Whenever the word "strh" appears in a line of the listing, copy that line.

_SUPPLIED MATERIAL_
:::::

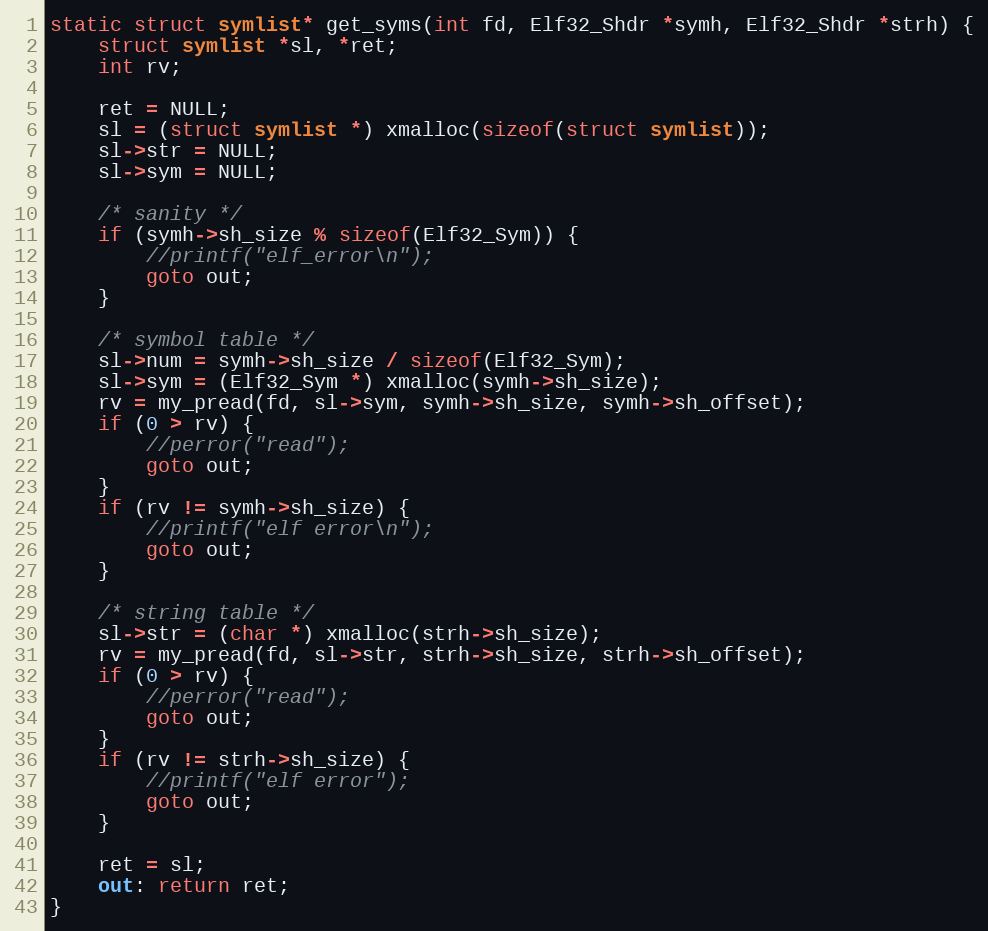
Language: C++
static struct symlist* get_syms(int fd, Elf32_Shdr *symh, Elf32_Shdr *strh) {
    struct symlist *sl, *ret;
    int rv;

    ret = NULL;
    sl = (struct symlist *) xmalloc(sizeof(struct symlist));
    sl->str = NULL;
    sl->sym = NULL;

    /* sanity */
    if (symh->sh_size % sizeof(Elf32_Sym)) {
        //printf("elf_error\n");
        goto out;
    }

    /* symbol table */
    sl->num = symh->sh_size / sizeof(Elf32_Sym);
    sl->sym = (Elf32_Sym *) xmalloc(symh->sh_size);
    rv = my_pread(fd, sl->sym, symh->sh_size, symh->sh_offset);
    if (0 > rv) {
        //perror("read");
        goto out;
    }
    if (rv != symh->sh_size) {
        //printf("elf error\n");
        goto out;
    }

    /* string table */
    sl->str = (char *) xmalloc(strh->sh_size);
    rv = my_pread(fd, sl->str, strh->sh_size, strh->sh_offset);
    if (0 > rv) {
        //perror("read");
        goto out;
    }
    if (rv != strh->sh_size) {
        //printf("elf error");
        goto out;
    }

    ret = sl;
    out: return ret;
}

:::::

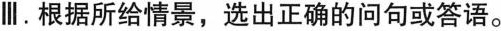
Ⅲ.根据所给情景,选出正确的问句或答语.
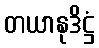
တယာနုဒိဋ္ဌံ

:::::

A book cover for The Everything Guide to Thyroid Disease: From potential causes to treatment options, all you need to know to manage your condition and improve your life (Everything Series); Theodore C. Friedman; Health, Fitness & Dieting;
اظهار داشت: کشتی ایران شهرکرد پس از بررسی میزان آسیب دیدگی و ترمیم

:::::

_COMPLETED EXERCISE_
static struct symlist* get_syms(int fd, Elf32_Shdr *symh, Elf32_Shdr *strh) {
    sl->str = (char *) xmalloc(strh->sh_size);
    rv = my_pread(fd, sl->str, strh->sh_size, strh->sh_offset);
    if (rv != strh->sh_size) {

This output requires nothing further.